L_{3D}=\sum_{u,v}\left[\min_{t^{\prime}}mpe(P_{t},\hat{P}_{t^{\prime}\to t})<h\right]\min_{t^{\prime}}mpe(P_{t},\hat{P}_{t^{\prime}\to t})

(14)

where $mpe(P_{t},\hat{P}_{t^{\prime}\to t})=pe(P_{t},\hat{P}_{t^{\prime}\to t})+hM_{t^{\prime}}^{u,v}$ and $h$ is a large constant greater than all possible $pe(P_{t},\hat{P}_{t^{\prime}\to t})$ values.

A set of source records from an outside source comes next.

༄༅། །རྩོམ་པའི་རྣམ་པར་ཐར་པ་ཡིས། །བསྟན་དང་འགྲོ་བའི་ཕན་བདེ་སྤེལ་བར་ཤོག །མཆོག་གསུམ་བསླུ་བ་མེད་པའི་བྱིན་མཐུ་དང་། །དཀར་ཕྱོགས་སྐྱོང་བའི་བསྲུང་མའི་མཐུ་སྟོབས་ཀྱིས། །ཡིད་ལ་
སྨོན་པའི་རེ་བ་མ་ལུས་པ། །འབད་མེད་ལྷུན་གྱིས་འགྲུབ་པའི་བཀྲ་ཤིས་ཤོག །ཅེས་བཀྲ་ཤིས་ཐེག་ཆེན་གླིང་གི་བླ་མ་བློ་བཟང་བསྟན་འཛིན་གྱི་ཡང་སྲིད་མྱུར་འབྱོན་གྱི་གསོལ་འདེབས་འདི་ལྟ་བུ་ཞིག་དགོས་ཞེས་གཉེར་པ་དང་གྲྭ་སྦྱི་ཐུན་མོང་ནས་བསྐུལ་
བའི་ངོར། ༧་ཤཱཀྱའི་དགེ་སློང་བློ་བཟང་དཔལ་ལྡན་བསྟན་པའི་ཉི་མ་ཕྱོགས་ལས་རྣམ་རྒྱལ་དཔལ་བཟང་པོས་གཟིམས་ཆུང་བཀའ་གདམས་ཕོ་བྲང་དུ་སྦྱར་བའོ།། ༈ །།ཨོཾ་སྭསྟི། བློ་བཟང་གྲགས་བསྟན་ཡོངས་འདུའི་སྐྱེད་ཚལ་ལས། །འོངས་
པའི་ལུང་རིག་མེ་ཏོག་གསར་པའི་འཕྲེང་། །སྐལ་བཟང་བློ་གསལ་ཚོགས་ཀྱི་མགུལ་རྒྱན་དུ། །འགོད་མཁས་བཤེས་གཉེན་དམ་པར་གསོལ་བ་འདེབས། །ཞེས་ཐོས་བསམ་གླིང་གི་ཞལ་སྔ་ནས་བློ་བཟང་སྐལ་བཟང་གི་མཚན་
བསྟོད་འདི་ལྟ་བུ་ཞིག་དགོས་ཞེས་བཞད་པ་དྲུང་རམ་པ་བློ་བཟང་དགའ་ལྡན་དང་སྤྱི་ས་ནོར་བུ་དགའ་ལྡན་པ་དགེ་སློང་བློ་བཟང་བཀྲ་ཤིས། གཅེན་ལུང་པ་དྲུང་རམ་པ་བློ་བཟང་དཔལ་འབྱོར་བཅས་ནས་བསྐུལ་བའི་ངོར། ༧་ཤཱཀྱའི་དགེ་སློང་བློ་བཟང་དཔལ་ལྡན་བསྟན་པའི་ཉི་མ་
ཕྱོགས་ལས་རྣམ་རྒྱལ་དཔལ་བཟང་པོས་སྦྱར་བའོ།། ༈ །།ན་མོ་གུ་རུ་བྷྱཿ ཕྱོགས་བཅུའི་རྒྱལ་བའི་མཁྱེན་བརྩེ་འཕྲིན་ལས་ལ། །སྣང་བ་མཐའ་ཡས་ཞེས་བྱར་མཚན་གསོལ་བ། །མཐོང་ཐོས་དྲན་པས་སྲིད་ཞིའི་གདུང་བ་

Compared with the 2D loss using only one frame depth map, the 3D loss using two depth maps based on 3D point consistency, can make better use of 3D spatial structure information.

3.4 Network Architecture

The framework is divided into two parts: depth prediction network and pose estimation network. Input of the networks includes RGB images and semantic segmentation. We adopt the pre-trained semantic segmentation network in [55], which performs fine-tuning on the 200 training images of KITTI dataset [11] and can output 19 classes, including road, sidewalk, building, wall, fence, etc. Input each image into the network in [55] to get the result of semantic segmentation. The introduction of semantic segmentation network is similar to network pre-training. We use noisy semantic segmentation results, which avoids labeling cost.

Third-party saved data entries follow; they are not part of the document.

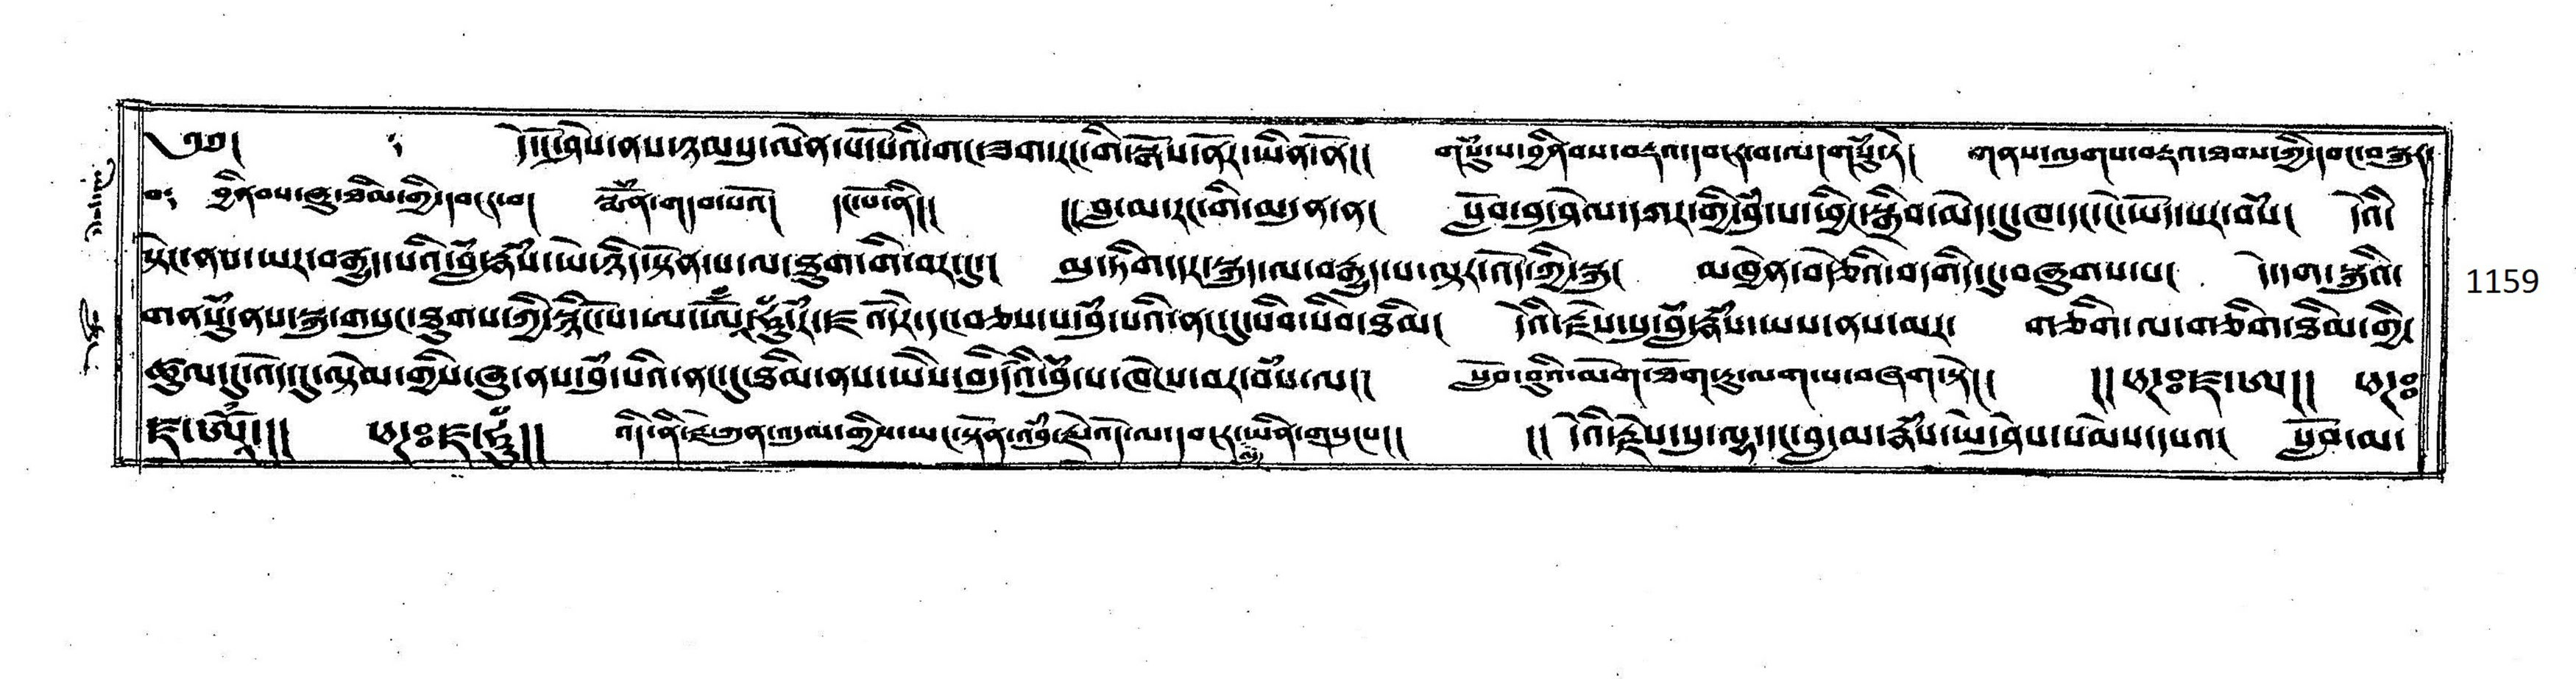དེ་ངོ་ཤེས་ནས་ཉམས་སུ་ལེན་པ་པོའི་གང་ཟག་རང་གི་སྒོས་ནོར་ཡིན་ནོ།། གསུམ་པ་བྱིན་རླབས་བརྡའ་དབང་བསྐུར་བ་ལ་གསུམ་ཏེ། གནས་ལུགས་བརྡའ་ཐབས་ཀྱི་དབང་བསྐུར་
བ། བྱིན་རླབས་ཞུ་ཐིམ་གྱི་དབང་བསྐུར་བ། སྨོན་ལམ་གདབ་པའོ། དང་པོ་ནི།། །།བླ་མ་རང་གི་མདུན་ན། སློབ་བུ་ཤེལ་དཀར་གྱི་བུམ་པ་ཕྱི་ནང་སྒྲིབ་མེད་དུ་ཁ་དང་ངེ་ཡོད་པར་བསམ། དེའི་
སྟེང་ནས་ཡར་བརྒྱུད་པའི་བླ་མ་རྣམས་ཡེ་ཉིད་སྟོན་པ་ལ་ཐུག་གི་བར་དུ། མུ་ཏིག་དར་སྐུད་ལ་བརྒྱུད་པ་ལྟར་འོད་ཀྱི་སྐུ། མཁྱེན་བརྩེའི་བདག་ཉིད་དུ་བཞུགས་པ། དེ་དག་སྐུའི་
གནས་གསུམ་ནས་སྐུ་གསུང་ཐུགས་ཀྱི་སྙིང་པོ་ཨ་ཨཱོཾ་ཧཱུྃ་རཾ་ཛ་འོད་ཟེར་དང་བཅས་པ་བུམ་པའི་ནང་དུ་སིབ་སིབ་ཐིམ། དེའི་རྗེས་སུ་བླ་མ་རྣམས་ཡས་ནས་མར། གཅིག་ལ་གཅིག་ཐིམ་གྱི་
ཚུལ་དུ་འོད་དུ་ལྟེམ་གྱིས་ཞུ་ནས་བུམ་པའི་ནང་དུ་ཐིམ་ནས་ཡེ་ཤེས་བདུད་རྩིའི་བུམ་པ་ཁེངས་པར་བསམ་ལ།། སློབ་བུའི་མགོ་ཐོག་ཏུ་ལག་པ་བཞག་སྟེ།། །།ཕཊཿ
ཛ་ཨ།། ཕཊཿ ཛ་ཨཱོཾ།། ཕཊཿཛ་ཧཱུྃ།། འདི་ནི་རྗེ་ཀུན་འདུལ་གྱིས་ཡང་སྟོན་འབུམ་རྗེ་འོད་ལ་དབང་བསྐུར་ལུགས་ཡིན་གསུངས།། །།དེའི་རྗེས་སུ་ལྷ་དང་བླ་མ་རྣམས་ཡེ་ཤེས་སེམས་དཔའ། སློབ་མ་

Depth prediction network is composed of encoder and decoder networks with skip connections similar to DispNet architecture [27]. Two parallel encoder networks are used to input a single image and semantic segmentation respectively to extract their feature maps. The two feature maps are concatenated and input to the decoder network. Each encoder network has 14 convolution layers and kernel size is 3 for all layers, except the first 4 layers for which the sizes are 5, 5, 7, 7 respectively. The semantic segmentation, which includes 19 classes, inputs the encoder network in the form of 19 channels. The decoder network uses skip-connections to fuse low-level features from different stages of the encoder networks consisting of 7 convolution layers and 7 deconvolution layers.

Pose estimation network takes as input a sequence of adjacent frames concatenated along the color channels, which is similar to the Pose network in [54]. Different from the relative poses between the target view and each of the source views in [54], the relative poses between every two adjacent frames is predicted.

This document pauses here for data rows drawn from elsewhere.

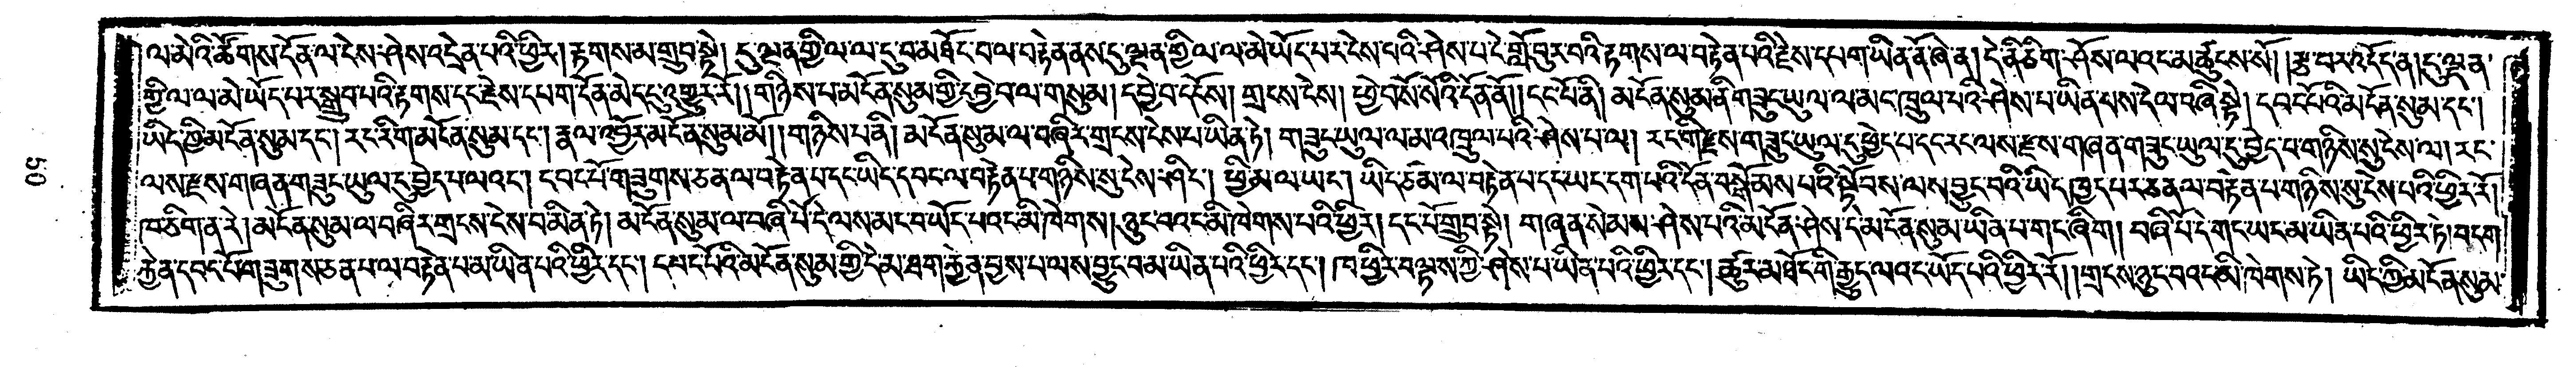ལ་མེའི་ཚོགས་དོན་ལ་ངེས་ཤེས་འདྲེན་པའི་ཕྱིར། རྟགས་མ་གྲུབ་སྟེ། དུ་ལྡན་གྱི་ལ་ལ་དུ་བ་མཐོང་བ་ལ་བརྟེན་ནས་དུ་ལྡན་གྱི་ལ་ལ་མེ་ཡོད་པར་ངེས་པའི་ཤེས་པ་དེ་གློ་བུར་བའི་རྟགས་ལ་བརྟེན་པའི་རྗེས་དཔག་ཡིན་ནོ་ཞེ་ན། དེ་ནི་ཅིག་ཤོས་ལའང་མཚུངས་སོ། །རྩ་བར་འདོད་ན། དུ་ལྡན་
གྱི་ལ་ལ་མེ་ཡོད་པར་སྒྲུབ་པའི་རྟགས་དང་རྗེས་དཔག་དོན་མེད་དུ་འགྱུར་རོ། །གཉིས་པ་མངོན་སུམ་གྱི་དབྱེ་བ་ལ་གསུམ། དབྱེ་བ་དངོས། གྲངས་ངེས། ཕྱེ་བ་སོ་སོའི་དོན་ནོ། །དང་པོ་ནི། མངོན་སུམ་ནི་གཟུང་ཡུལ་ལ་མ་འཁྲུལ་བའི་ཤེས་པ་ཡིན་པས་དེ་ལ་བཞི་སྟེ། དབང་པོའི་མངོན་སུམ་དང་།
ཡིད་ཀྱི་མངོན་སུམ་དང་། རང་རིག་མངོན་སུམ་དང་། རྣལ་འབྱོར་མངོན་སུམ་མོ། །གཉིས་པ་ནི། མངོན་སུམ་ལ་བཞིར་གྲངས་ངེས་པ་ཡིན་ཏེ། གཟུང་ཡུལ་ལ་མ་འཁྲུལ་བའི་ཤེས་པ་ལ། རང་གི་རྫས་གཟུང་ཡུལ་དུ་བྱེད་པ་དང་རང་ལས་རྫས་གཞན་གཟུང་ཡུལ་དུ་བྱེད་པ་གཉིས་སུ་ངེས་ལ། རང་
ལས་རྫས་གཞན་གཟུང་ཡུལ་དུ་བྱེད་པ་ལའང་། དབང་པོ་གཟུགས་ཅན་ལ་བརྟེན་པ་དང་ཡིད་དབང་ལ་བརྟེན་པ་གཉིས་སུ་ངེས་ཤིང་། ཕྱི་མ་ལ་ཡང་། ཡིད་ཙམ་ལ་བརྟེན་པ་དང་ཡང་དག་པའི་དོན་བསྒོམས་པའི་སྟོབས་ལས་བྱུང་བའི་ཡིད་ཁྱད་པར་ཅན་ལ་བརྟེན་པ་གཉིས་སུ་ངེས་པའི་ཕྱིར་རོ།།
ཁ་ཅིག་ན་རེ། མངོན་སུམ་ལ་བཞིར་གྲངས་ངེས་པ་མིན་ཏེ། མངོན་སུམ་ལ་བཞི་པོ་དེ་ལས་མང་བ་ཡོད་པའང་མི་ཁེགས། ཉུང་བའང་མི་ཁེགས་པའི་ཕྱིར། དང་པོ་གྲུབ་སྟེ། གཞན་སེམས་ཤེས་པའི་མངོན་ཤེས་དེ་མངོན་སུམ་ཡིན་པ་གང་ཞིག །བཞི་པོ་དེ་གང་ཡང་མ་ཡིན་པའི་ཕྱིར་ཏེ། བདག་
རྐྱེན་དབང་པོ་གཟུགས་ཅན་པ་ལ་བརྟེན་པ་མ་ཡིན་པའི་ཕྱིར་དང་། དབང་པོའི་མངོན་སུམ་གྱི་དེ་མ་ཐག་རྐྱེན་བྱས་པ་ལས་བྱུང་བ་མ་ཡིན་པའི་ཕྱིར་དང་། ཁ་ཕྱིར་བལྟས་ཀྱི་ཤེས་པ་ཡིན་པའི་ཕྱིར་དང་། ཚུར་མཐོང་གི་རྒྱུད་ལའང་ཡོད་པའི་ཕྱིར་རོ། །གྲངས་ཉུང་བའང་མི་ཁེགས་ཏེ། ཡིད་ཀྱི་མངོན་སུམ་

The total loss function is:

\displaystyle L=

\displaystyle\lambda_{1}L_{img}+\lambda_{2}L_{ss}+\lambda_{3}L_{3D}+\lambda_{4}L_{road}+\lambda_{5}L_{smooth}

(15)

where $\lambda_{1}$ , $\lambda_{2}$ , $\lambda_{3}$ , $\lambda_{4}$ and $\lambda_{5}$ are weights for the different losses. Through experiments, we find that setting the weights to $\lambda_{1}=1$ , $\lambda_{2}=0.1$ , $\lambda_{3}=0.1$ , $\lambda_{4}=0.1$ and $\lambda_{5}=0.001$ makes training more stable.

4 Experiments

In this section, we evaluate the performance of our algorithm. We compared our algorithm with prior art on both single view depth and pose estimation on KITTI dataset [11]. We perform a detailed ablation study to show that both the semantic loss and 3D point loss can improve the depth prediction and pose estimation performance.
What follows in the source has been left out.